==== SUPPLIED MATERIAL ====

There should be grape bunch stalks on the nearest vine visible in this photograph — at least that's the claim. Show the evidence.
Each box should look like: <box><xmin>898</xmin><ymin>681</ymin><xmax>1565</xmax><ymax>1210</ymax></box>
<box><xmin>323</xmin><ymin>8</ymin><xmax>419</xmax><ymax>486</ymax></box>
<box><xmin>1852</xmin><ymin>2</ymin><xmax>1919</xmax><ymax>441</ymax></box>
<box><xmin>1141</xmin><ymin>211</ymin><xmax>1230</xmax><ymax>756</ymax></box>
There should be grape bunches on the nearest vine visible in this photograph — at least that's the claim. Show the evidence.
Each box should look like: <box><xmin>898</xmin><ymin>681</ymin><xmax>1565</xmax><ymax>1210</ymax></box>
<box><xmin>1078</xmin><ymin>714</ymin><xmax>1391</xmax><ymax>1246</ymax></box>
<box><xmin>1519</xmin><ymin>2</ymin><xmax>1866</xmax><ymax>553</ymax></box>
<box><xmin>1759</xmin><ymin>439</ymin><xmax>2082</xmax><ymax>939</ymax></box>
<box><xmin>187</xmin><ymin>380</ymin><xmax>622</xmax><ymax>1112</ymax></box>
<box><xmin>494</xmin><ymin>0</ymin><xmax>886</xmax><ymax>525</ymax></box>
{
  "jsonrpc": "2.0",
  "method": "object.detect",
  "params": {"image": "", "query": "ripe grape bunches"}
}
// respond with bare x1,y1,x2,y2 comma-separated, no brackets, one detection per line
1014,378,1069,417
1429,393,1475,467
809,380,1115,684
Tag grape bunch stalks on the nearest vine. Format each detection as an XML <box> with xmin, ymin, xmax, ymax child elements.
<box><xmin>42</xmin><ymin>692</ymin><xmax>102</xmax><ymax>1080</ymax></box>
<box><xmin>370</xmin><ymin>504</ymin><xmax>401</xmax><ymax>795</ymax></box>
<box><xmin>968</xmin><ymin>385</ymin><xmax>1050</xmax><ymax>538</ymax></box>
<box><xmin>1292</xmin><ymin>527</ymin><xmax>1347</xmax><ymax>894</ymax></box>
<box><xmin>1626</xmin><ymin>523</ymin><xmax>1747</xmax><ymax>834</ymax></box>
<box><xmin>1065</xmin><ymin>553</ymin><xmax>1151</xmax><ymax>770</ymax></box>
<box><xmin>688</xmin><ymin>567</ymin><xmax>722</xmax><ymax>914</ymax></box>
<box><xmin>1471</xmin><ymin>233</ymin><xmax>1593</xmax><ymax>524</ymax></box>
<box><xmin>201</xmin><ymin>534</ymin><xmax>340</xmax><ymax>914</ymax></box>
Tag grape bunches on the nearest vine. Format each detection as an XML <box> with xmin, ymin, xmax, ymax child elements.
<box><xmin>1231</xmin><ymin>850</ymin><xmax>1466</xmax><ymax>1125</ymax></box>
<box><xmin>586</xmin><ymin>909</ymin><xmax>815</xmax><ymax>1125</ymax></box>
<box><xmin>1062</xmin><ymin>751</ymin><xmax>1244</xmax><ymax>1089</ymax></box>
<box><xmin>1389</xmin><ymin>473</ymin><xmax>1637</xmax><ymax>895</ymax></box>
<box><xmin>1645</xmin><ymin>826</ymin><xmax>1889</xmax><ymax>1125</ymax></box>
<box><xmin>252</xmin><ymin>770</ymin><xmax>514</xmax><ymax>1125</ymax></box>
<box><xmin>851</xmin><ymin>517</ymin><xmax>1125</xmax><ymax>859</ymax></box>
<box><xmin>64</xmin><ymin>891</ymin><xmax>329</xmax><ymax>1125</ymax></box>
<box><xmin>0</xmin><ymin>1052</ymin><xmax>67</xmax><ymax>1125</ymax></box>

====

EXERCISE: Look through the entries for lines containing the word "claim" and return each one.

ANSWER BOX:
There should be grape bunch stalks on the nearest vine visible in this photograph — at least that's the claim. Show the evidence.
There should be grape bunches on the nearest vine visible in this photograph — at least that's the claim. Show the evidence.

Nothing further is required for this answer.